Stored data entries
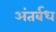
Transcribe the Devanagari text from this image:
अंतर्बध
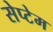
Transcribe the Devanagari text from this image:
सेप्टेम
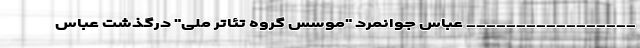
_________________ عباس جوانمرد "موسس گروه تئاتر ملی" درگذشت عباس
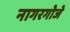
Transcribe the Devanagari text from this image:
नागरगोजे
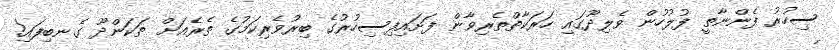
ސިހުރު ފެންނާތީ ފުލުހުން ވެލިދޫގައި ހަރަކާތްތެރިވާން ފަށައިފިސިހުރުގެ ބިރުވެރިކަމުގެ ތެރެއަށް ތަކަންދޫ ގެނބިފައި!
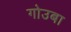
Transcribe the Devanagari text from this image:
गोउबा
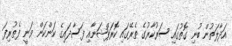
އަދާލަތުން ބުނި ގޮތުގައި ސަރުކާރުގެ ތެރޭގައި ކޮރަޕްޝަނާއި ފަސާދައިގެ ކަންކަން ވަނީ ފެތުރިފަ
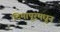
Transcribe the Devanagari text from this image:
दिमापूरमधून
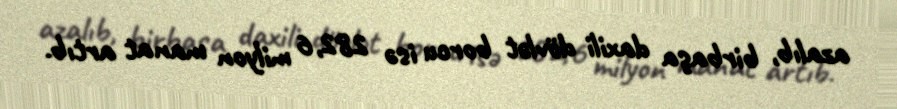
azalıb, birbaşa daxili dövlət borcu isə 282,6 milyon manat artıb.
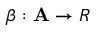
\beta : \mathbf { A } \rightarrow R
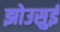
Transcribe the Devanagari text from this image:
झोउसुई
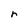
Character: r
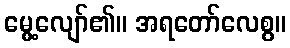
မွေ့လျော်၏။ အရတော်လေစွ။
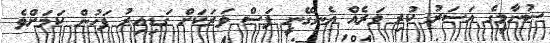
ސުނާމީގެ އަސަރު ކުރި ވަރެއް އެނގޭނީ ފަސް ވަރަކަށް ގަޑިއިރު ފަހުން ކަމަށްވެ
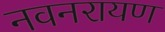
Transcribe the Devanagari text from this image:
नवनरायण
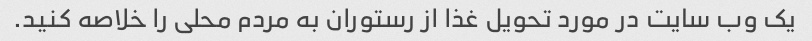
یک وب سایت در مورد تحویل غذا از رستوران به مردم محلی را خلاصه کنید.
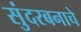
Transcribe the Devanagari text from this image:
सुंदरबनाचे
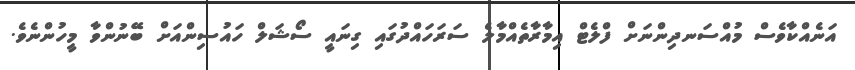
އަނެއްކާވެސް މުއްސަނދިންނަށް ފްލެޓް އިމާރާތެއްމާލެ ސަރަހައްދުގައި ގިނައީ ސޯޝަލް ހައުސިންއަށް ބޭނުންވާ މީހުންނެވެ.
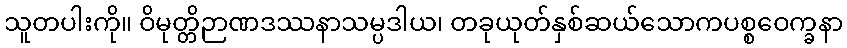
သူတပါးကို။ ဝိမုတ္တိဉာဏဒဿနာသမ္ပဒါယ၊ တခုယုတ်နှစ်ဆယ်သောကပစ္စဝေက္ခနာ
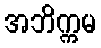
အဘိက္ကမ
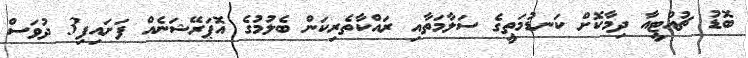
ބޮޑު ޗުއްޓީއާ ދިމާކޮށް ކަނޑުމަތީގެ ސަލާމަތާއި ރައްކާތެރިކަން ބެލުމުގެ އޮޕަރޭޝަނެއް ފަށައިފި3 ދުވަސް
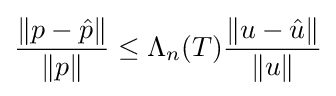
{\frac {\|p-{\hat {p}}\|}{\|p\|}}\leq \Lambda _{n}(T){\frac {\|u-{\hat {u}}\|}{\|u\|}}
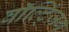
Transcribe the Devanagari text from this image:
वॉल्ट्ज़िंग
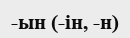
-ын (-ін, -н)
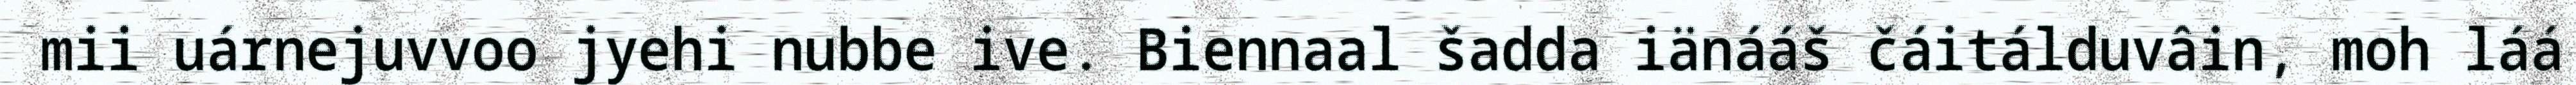
mii uárnejuvvoo jyehi nubbe ive. Biennaal šadda iänááš čáitálduvâin, moh láá
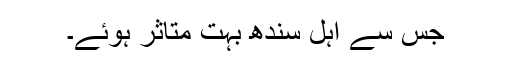
جس سے اہل سندھ بہت متاثر ہوئے۔
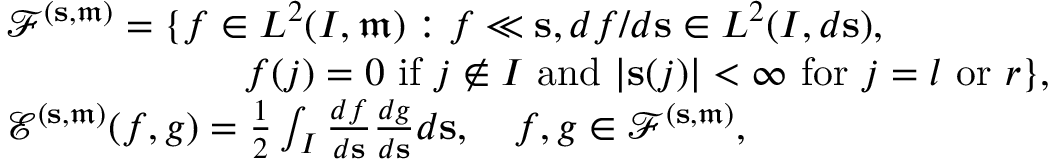
\begin{array} { r l } & { { \mathscr F } ^ { ( \mathbf { s } , \mathfrak { m } ) } = \{ f \in L ^ { 2 } ( I , \mathfrak { m } ) : f \ll \mathbf { s } , d f / d \mathbf { s } \in L ^ { 2 } ( I , d \mathbf { s } ) , } \\ & { \qquad \qquad \qquad f ( j ) = 0 \mathrm { ~ i f ~ } j \notin I \mathrm { ~ a n d ~ } | \mathbf { s } ( j ) | < \infty \mathrm { ~ f o r ~ } j = l \mathrm { ~ o r ~ } r \} , } \\ & { { \mathscr E } ^ { ( \mathbf { s } , \mathfrak { m } ) } ( f , g ) = \frac { 1 } { 2 } \int _ { I } \frac { d f } { d \mathbf { s } } \frac { d g } { d \mathbf { s } } d \mathbf { s } , \quad f , g \in { \mathscr F } ^ { ( \mathbf { s } , \mathfrak { m } ) } , } \end{array}
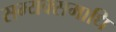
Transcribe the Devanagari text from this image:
सम्यक्समाधि
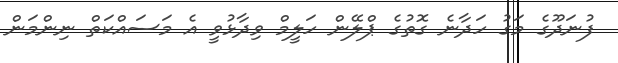
ފުނަދޫގެ މަގު ހަދާނެ ގޮތުގެ ޕްލޭން ހަލީމް ވިދާޅުވީ އެ މަސައްކަތް ނިންމަން
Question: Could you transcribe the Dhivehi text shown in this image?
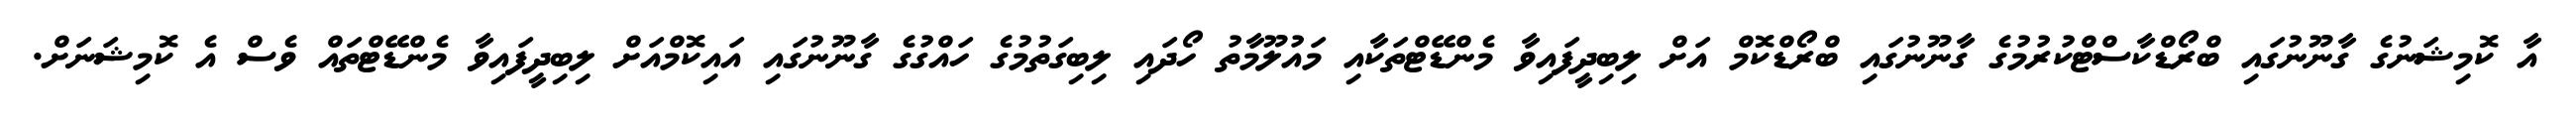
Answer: އާ ކޮމިޝަނުގެ ގާނޫނުގައި ބްރޯޑްކާސްޓްކުރުމުގެ ގާނޫނުގައި ބްރޯޑްކޮމް އަށް ލިބިދީފައިވާ މެންޑޭޓްތަކާއި މައުލޫމާތު ހޯދައި ލިބިގަތުމުގެ ހައްގުގެ ގާނޫނުގައި އައިކޮމްއަށް ލިބިދީފައިވާ މެންޑޭޓްތައް ވެސް އެ ކޮމިޝަނަށް.
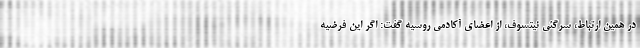
در همین ارتباط، سرگئی نیتسوف، از اعضای آکادمی روسیه گفت: اگر این فرضیه
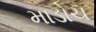
માડોચ
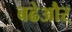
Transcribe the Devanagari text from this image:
बढेऔर
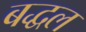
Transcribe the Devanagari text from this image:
बद्धल
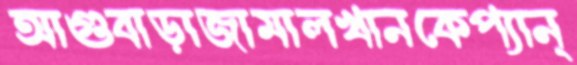
আগুবাড়াজামালখানকেপ্যান্
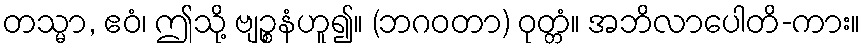
တသ္မာ, ဧဝံ၊ ဤသို့ ဗျဉ္စနံဟူ၍။ (ဘဂဝတာ) ဝုတ္တံ။ အဘိလာပေါတိ-ကား။
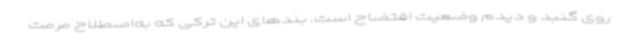
روی گنبد و دیدم وضعیت افتضاح است. بندهای این ترکی که به‌اصطلاح مرمت
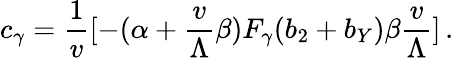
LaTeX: c_{\gamma}={\frac{1}{v}}[-(\alpha+{\frac{v}{\Lambda}}\beta)F_{\gamma}(b_{2}+b_{Y})\beta{\frac{v}{\Lambda}}]\, .
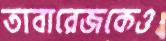
তাবারেজকেও
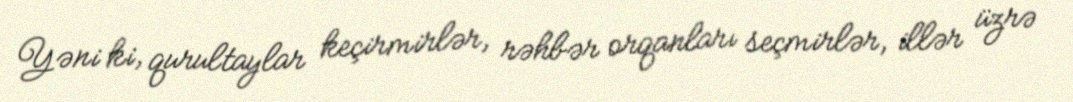
Yəni ki, qurultaylar keçirmirlər, rəhbər orqanları seçmirlər, illər üzrə
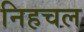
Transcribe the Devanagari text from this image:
निहचल
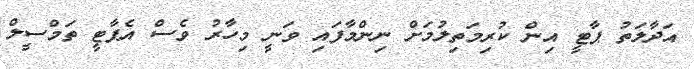
އަދާލަތު ޕާޓީ އިން ކުރިމަތިލުމަށް ނިންމާފައި ވަނީ މިހާރު ވެސް އެޕާޓީ ތަމްސީލް
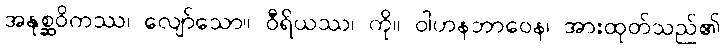
အနုစ္ဆဝိကဿ၊ လျော်သော။ ဝီရိယဿ၊ ကို။ ဝါဟနဘာဝေန၊ အားထုတ်သည်၏
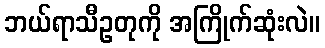
ဘယ်ရာသီဥတုကို အကြိုက်ဆုံးလဲ။
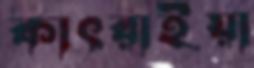
কাৎরাইয়া
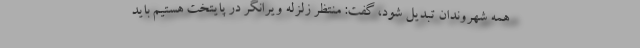
همه شهروندان تبدیل شود، گفت: منتظر زلزله ویرانگر در پایتخت هستیم باید
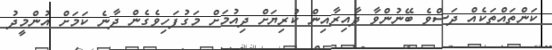
ކަންތައްތަކެއް ދަސްވެ ބޭނުންވާ ދާއިރާއިން ކުރިޔަށް ދިއުމަށް މަގުފަހިވެގެން ދާނެ ކަމަށް އުންމީދު
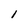
Character: 1
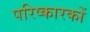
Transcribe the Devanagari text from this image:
परिष्कारकों
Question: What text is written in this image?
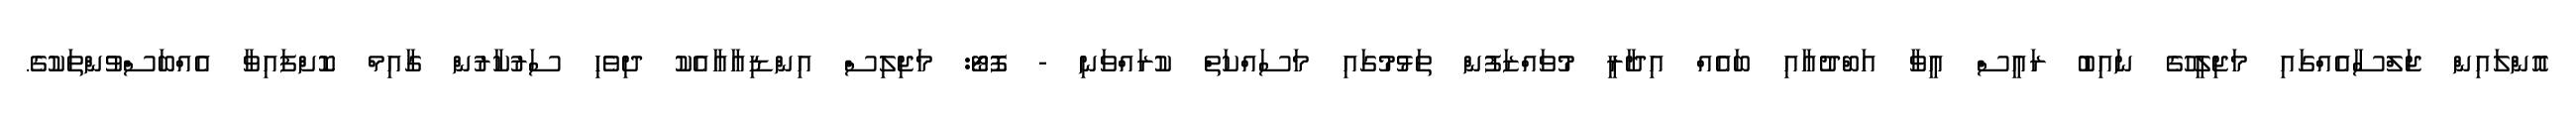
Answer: އޮންލައިން ޖަލްސާއެއްގައި މަޖިލީހުގެ ނައިބު ރައީސް އީވާ އަބްދުއާއި ބައެއް އިދާރީ މުވައްޒަފުން ތަޅުމުގައި މަސައްކަތް ކުރައްވަނި - ފޮޓޯ: މަޖިލިސް އިންޑިއާއާއެކު ދިވެހި ސަރުކާރުން ގާއިމް ކޮށްފައިވާ އެއްބަސްވުންތަކުގެ.
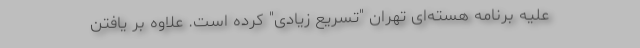
علیه برنامه هسته‌ای تهران "تسریع زیادی" کرده است. علاوه بر یافتن
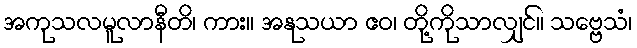
အကုသလမူလာနီတိ၊ ကား။ အနုသယာ ဧဝ၊ တို့ကိုသာလျှင်။ သဗ္ဗေသံ၊
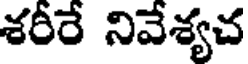
శరీరే నివేశ్యచ
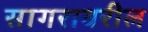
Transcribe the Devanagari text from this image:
सागरावरील
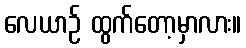
လေယာဉ် ထွက်တော့မှာလား။
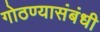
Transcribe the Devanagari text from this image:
गोठण्यासंबंधी
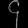
Digit: ၄
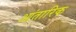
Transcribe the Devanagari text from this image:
आंतारिक
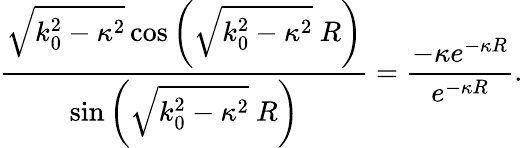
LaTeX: \frac{\sqrt{k_{0}^{2}-\kappa^{2}}\cos\left(\sqrt{k_{0}^{2}-\kappa^{2}}\ R\right)}{\sin\left(\sqrt{k_{0}^{2}-\kappa^{2}}\ R\right)}=\frac{-\kappa e^{-\kappa R}}{e^{-\kappa R}}.
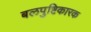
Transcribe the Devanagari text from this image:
बलपुष्टिकारक
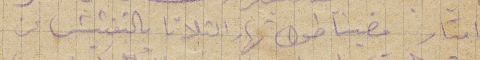
امتار مضينا طول نهار الثلاثا بالتفتيش عن
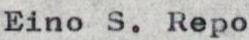
Eino S. Repo
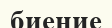
биение
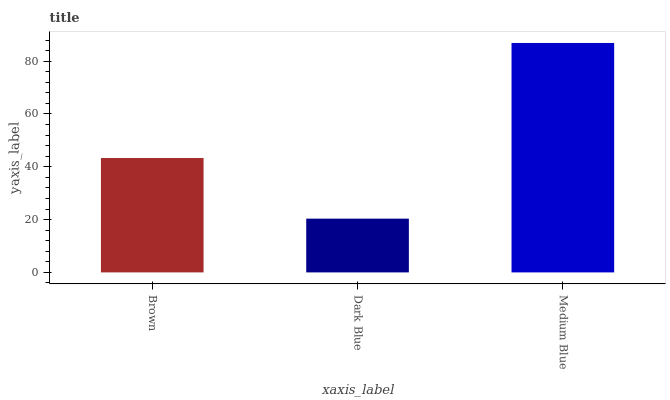
| xaxis_label | bars |
 | --- | --- |
 | Brown | 43.3 |
 | Dark Blue | 20.4 |
 | Medium Blue | 86.9 |

■ PROBLEM STATEMENT
Of all the lines in the data above, show only those that hold the word "Question".

■ EXERCISE ANSWER
Question: Could you transcribe the Dhivehi text shown in this image?
Question: What text is written in this image?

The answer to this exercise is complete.